When Stephen Colbert introduced the word truthiness on his show, he told us to trust our guts.

That’s where the truth comes from, ladies and gentlemen: in the gut. Do you know that you have more nerve endings in your stomach than in your head? Look it up. Now somebody’s going to say, I did look that up, and it’s wrong. Well, mister, that’s cause you looked it up in a book. Next time, try looking it up in your gut.

Truthiness, chosen as the Word of the Year in 2005 by the American Dialect Society, is the quality of certain kinds of baloney that *seem *true. Technically:

*Truthiness, n, the quality of stating concepts or facts one wishes or believes to be true, rather than concepts or facts known to be true.*

Colbert’s coinage recognize that for some unscrupulous actors, seeming true is good enough. The genius of truthiness is that it pinpointed how people take advantage of a lack of skepticism. When something seems true, we tend to take it at face value. As soon as it passes the gut check, we take it as a given.

There’s one kind of truthiness that’s particularly subtle and malevolent, and that’s the kind where mathematics gets involved. Author Charles Seife just wrote a book about it, and coined the word to describe it. The book is called *Proofiness: the Dark Arts of Mathematical Deception*.
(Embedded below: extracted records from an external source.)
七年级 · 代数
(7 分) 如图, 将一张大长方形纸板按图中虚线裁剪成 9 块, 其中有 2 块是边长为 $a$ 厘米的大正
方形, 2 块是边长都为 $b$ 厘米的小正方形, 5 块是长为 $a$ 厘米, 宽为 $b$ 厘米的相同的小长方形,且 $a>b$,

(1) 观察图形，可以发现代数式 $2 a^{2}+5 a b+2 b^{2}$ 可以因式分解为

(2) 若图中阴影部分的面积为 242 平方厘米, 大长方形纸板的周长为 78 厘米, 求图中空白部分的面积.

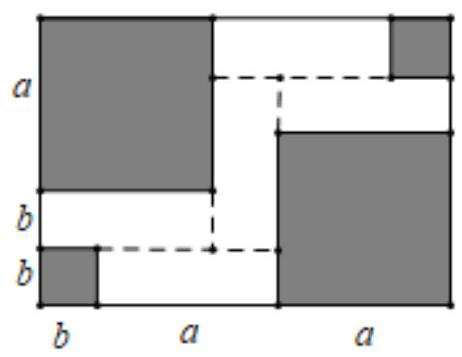
答案: $(a+2 b)(2 a+b) ； 120$ 平分厘米

【解析】解： (1) 观察图形, 可以发现代数式 $2 a^{2}+5 a b+2 b^{2}$ 可以因式分解为 $(a+2 b)(2 a+b)$;

(2) 由已知得: $\left\{\begin{array}{c}2\left(a^{2}+b^{2}\right)=242 \\ 6 a+6 b=78\end{array}\right.$,

化简得 $\left\{\begin{array}{c}a^{2}+b^{2}=121 \\ a+b=13\end{array}\right.$

$\therefore(a+b)^{2}-2 a b=121$,

$\therefore a b=24$,

$5 a b=120$.
$\therefore$ 空白部分的面积为 120 平分厘米.

本题考查了因式分解，能通过两种方法表示纸板面积是解题的关键.
解析: 答案】 $(a+2 b)(2 a+b) ； 120$ 平分厘米

【解析】解： (1) 观察图形, 可以发现代数式 $2 a^{2}+5 a b+2 b^{2}$ 可以因式分解为 $(a+2 b)(2 a+b)$;

(2) 由已知得: $\left\{\begin{array}{c}2\left(a^{2}+b^{2}\right)=242 \\ 6 a+6 b=78\end{array}\right.$,

化简得 $\left\{\begin{array}{c}a^{2}+b^{2}=121 \\ a+b=13\end{array}\right.$

$\therefore(a+b)^{2}-2 a b=121$,

$\therefore a b=24$,

$5 a b=120$.
$\therefore$ 空白部分的面积为 120 平分厘米.

本题考查了因式分解，能通过两种方法表示纸板面积是解题的关键.

Proofiness refers to a particularly devious kind of truthiness: the use (and misuse) of mathematics to give bull the illusion of truth. What makes proofiness so terrible is that numbers glow with truth. Introduce a number into a statement and it just seems truer. (It can be up to 7.3 times as truthy!)

Charles Seife wrote *Zero*, a decent but not exceptional pop math book. *Proofiness* is better, and more important. In fact, I could imagine it being the backbone of a (required?) high school class. Seife even raids science, hitting sexy articles from *Nature* and exposing their errors deducing patterns from noise, an error he terms *randumbness. (*Seife coins many such terms throughout the book—*Potemkin numbers* when they’re made up, *causuistry* for the confusion of cause and correlation, and many more. Normally, I bridle at this kind of cutesyness, and I did here a little, I have to say. In his defense, it was sometimes nice to have terms for some of the specific types of proofiness he discussed.)
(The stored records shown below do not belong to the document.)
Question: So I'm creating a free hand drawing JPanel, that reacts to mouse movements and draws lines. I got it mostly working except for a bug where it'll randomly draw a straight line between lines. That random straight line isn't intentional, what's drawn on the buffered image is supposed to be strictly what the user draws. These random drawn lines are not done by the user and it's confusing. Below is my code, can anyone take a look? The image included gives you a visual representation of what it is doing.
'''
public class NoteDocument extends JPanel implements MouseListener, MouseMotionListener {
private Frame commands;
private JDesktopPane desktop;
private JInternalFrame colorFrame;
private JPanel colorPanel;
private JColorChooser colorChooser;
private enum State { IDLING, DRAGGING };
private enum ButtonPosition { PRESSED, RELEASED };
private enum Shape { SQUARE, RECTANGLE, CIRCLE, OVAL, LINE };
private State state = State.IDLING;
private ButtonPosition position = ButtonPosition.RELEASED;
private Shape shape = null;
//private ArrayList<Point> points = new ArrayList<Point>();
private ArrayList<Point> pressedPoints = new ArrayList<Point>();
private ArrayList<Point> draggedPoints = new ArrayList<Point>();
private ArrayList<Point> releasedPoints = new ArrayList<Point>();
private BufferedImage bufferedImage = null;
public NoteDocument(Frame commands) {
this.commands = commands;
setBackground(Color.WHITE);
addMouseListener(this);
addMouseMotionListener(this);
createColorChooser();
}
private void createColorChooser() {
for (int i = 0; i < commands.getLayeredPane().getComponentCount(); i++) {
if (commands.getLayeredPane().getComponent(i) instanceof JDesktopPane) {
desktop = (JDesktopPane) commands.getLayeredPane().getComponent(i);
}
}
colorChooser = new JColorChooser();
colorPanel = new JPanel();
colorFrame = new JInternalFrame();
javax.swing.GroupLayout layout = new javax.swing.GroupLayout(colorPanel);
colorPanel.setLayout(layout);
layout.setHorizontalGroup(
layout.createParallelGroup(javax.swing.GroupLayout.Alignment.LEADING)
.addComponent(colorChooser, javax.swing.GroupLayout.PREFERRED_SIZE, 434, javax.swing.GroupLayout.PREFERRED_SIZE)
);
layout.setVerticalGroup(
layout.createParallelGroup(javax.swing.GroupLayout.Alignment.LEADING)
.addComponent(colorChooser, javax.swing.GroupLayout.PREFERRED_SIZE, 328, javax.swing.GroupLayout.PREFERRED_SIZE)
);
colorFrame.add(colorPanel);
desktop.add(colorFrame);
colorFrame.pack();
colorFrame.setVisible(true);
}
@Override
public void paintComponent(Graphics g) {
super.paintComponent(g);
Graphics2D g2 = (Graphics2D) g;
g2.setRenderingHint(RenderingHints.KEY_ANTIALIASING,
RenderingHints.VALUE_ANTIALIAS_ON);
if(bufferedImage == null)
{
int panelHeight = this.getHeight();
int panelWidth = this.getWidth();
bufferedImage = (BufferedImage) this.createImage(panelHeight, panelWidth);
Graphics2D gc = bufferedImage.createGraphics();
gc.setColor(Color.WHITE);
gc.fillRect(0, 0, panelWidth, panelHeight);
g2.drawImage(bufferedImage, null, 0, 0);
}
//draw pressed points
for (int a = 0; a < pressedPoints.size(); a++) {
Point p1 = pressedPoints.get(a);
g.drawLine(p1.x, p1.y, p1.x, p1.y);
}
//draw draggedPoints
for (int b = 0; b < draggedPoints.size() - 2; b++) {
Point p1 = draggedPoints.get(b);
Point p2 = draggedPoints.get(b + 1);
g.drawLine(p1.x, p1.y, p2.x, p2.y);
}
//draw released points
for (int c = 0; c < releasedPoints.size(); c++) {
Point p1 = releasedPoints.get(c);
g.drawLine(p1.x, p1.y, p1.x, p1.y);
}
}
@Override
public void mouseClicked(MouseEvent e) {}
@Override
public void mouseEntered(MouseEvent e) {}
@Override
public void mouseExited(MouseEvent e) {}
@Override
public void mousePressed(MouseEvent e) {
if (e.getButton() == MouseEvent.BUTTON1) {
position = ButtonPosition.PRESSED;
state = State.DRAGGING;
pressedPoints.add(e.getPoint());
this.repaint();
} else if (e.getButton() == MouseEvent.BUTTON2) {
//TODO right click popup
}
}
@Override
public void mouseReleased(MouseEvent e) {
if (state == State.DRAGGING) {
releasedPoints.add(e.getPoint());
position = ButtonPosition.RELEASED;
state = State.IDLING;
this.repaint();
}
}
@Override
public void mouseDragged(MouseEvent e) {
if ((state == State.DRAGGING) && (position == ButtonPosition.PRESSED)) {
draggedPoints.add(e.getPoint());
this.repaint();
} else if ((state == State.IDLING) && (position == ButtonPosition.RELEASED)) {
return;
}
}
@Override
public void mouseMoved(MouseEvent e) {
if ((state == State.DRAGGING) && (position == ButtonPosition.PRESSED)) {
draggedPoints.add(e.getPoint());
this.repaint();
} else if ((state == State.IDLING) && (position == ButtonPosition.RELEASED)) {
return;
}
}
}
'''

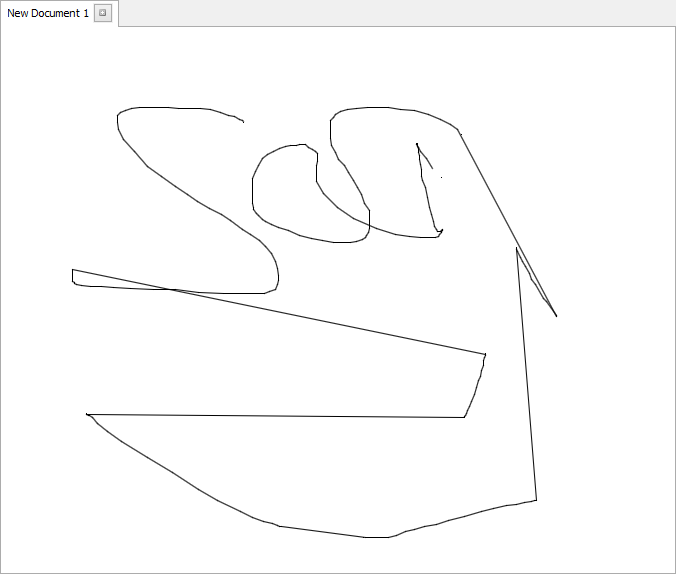
Answer: You will likely want to nest Lists to achieve your goal:
'''
List<List<Point>>
'''
This way, when the mouse is pressed, start an ArrayList, and when released, finish it. Then you can use nested for loops to draw all the curves.
For example (from a previous answer of mine):
'''
import java.awt.BasicStroke;
import java.awt.Color;
import java.awt.Dimension;
import java.awt.Graphics;
import java.awt.Graphics2D;
import java.awt.GridLayout;
import java.awt.Point;
import java.awt.event.MouseAdapter;
import java.awt.event.MouseEvent;
import java.util.ArrayList;
import java.util.List;
import javax.swing.*;
import javax.swing.border.Border;
import javax.swing.border.TitledBorder;
public class LineDrawEg {
private static void createAndShowGui() {
JPanel mainPanel = new JPanel(new GridLayout(1, 0));
mainPanel.setPreferredSize(new Dimension(800, 400));
MyMouseAdapter mouseAdapter = new MyMouseAdapter();
JPanel[] panels = {new Panel1(), new Panel2()};
for (int i = 0; i < panels.length; i++) {
String title = "Panel " + (i + 1);
Border border = new TitledBorder(title);
panels[i].setBorder(border);
panels[i].addMouseListener(mouseAdapter);
panels[i].addMouseMotionListener(mouseAdapter);
mainPanel.add(panels[i]);
}
JFrame frame = new JFrame("Line Draw Eg");
frame.setDefaultCloseOperation(JFrame.EXIT_ON_CLOSE);
frame.getContentPane().add(mainPanel);
frame.pack();
frame.setLocationByPlatform(true);
frame.setVisible(true);
}
public static void main(String[] args) {
SwingUtilities.invokeLater(new Runnable() {
public void run() {
createAndShowGui();
}
});
}
}
class Panel1 extends JPanel implements Positionable {
private int xPos = 0;
private int yPos = 0;
@Override
protected void paintComponent(Graphics g) {
// super.paintComponent(g);
g.setColor(Color.red);
g.fillOval(xPos, yPos, 5, 5);
}
@Override
public void mouseDragged(Point p) {
xPos = p.x;
yPos = p.y;
repaint();
}
@Override
public void mousePressed(Point p) {
xPos = p.x;
yPos = p.y;
repaint();
}
@Override
public void mouseReleased(Point p) {
xPos = p.x;
yPos = p.y;
repaint();
}
}
class Panel2 extends JPanel implements Positionable {
private List<List<Point>> listOfLists = new ArrayList<List<Point>>();
private List<Point> currentPoints;
@Override
protected void paintComponent(Graphics g) {
super.paintComponent(g);
Graphics2D g2 = (Graphics2D) g;
g2.setStroke(new BasicStroke(5f));
if (currentPoints != null && currentPoints.size() > 1) {
g2.setColor(Color.blue);
for (int i = 1; i < currentPoints.size(); i++) {
int x1 = currentPoints.get(i - 1).x;
int y1 = currentPoints.get(i - 1).y;
int x2 = currentPoints.get(i).x;
int y2 = currentPoints.get(i).y;
g2.drawLine(x1, y1, x2, y2);
}
}
g2.setColor(Color.red);
for (List<Point> pointList : listOfLists) {
if (pointList.size() > 1) {
for (int i = 1; i < pointList.size(); i++) {
int x1 = pointList.get(i - 1).x;
int y1 = pointList.get(i - 1).y;
int x2 = pointList.get(i).x;
int y2 = pointList.get(i).y;
g2.drawLine(x1, y1, x2, y2);
}
}
}
}
@Override
public void mousePressed(Point p) {
currentPoints = new ArrayList<Point>();
currentPoints.add(p);
repaint();
}
@Override
public void mouseDragged(Point p) {
currentPoints.add(p);
repaint();
}
@Override
public void mouseReleased(Point p) {
if (currentPoints != null) {
currentPoints.add(p);
listOfLists.add(currentPoints);
}
currentPoints = null;
repaint();
}
}
class MyMouseAdapter extends MouseAdapter {
@Override
public void mouseDragged(MouseEvent mEvt) {
Positionable positionable = (Positionable) mEvt.getSource();
positionable.mouseDragged(mEvt.getPoint());
}
@Override
public void mousePressed(MouseEvent mEvt) {
Positionable positionable = (Positionable) mEvt.getSource();
positionable.mousePressed(mEvt.getPoint());
}
@Override
public void mouseReleased(MouseEvent mEvt) {
Positionable positionable = (Positionable) mEvt.getSource();
positionable.mouseReleased(mEvt.getPoint());
}
}
interface Positionable {
void mouseDragged(Point p);
void mousePressed(Point p);
void mouseReleased(Point p);
}
'''

Seife’s best chapters have to do with how risk is managed—culminating in a discussion of the financial meltdown that led to the Great Recession, how systematic bias affects polls, and, perhaps most damnably, how faulty probability lead to (probably) wrong outcomes in court. Along the way, he hits some pretty subtle mathematical ideas, and I have to say, he handles them very smoothly. You get a little probability and statistics, a little bit of reading graphs, on proper measurement, estimation, and *disestimation*—one of my favorite of his coined terms, and an intuitive picture of how gerrymandering works. But more gripping than the strictly mathematical parts is the sense of outrage. You read it and think, I remember when they said that Hummers were more fuel efficient than Priuses. Why didn’t I notice that they made up the numbers? (Advertisers argued that Hummers would last a lot longer, pulling numbers pretty much out of nowhere.) You’ve got to be pretty sophisticated, and pretty vigilant, not to have been taken in by these techniques.

And that’s the point, and the reason the book is important. The issues Seife covers–advertising, our economy, propaganda, science, justice, journalism—are critical to our functioning democracy. We need to understand math, it turns out, to protect ourselves from being manipulated by it. As Seife ends his book,

*Mathematical sophistication is the only antidote to proofiness, and our degree of knowledge will determine whether we succumb to proofiness or fight against it. It’s more than mere rhetoric; our democracy may well rise or fall by the numbers*.

This book is one of the best articulations of the need for a baseline of mathematical facility in an educated citizenry, and a primer on what kinds of mathematics are most important for everyone to know (calculus, no; statistics, yes). Put it on your summer reading list. And even better, let’s see high school classes that deal with these topics sprouting up soon.

[Note: it's almost inevitable that some of Seife's arguments were problematic themselves, especially since he makes a colossal effort to remain evenhanded when it comes to political issues; for every conservative example of proofiness, he tries to find a liberal one to match it. One of these, a nitpicky jab at Gore's Inconvenient Truth (which Seife takes issue with only on certain details, not in the main) was taken apart here.]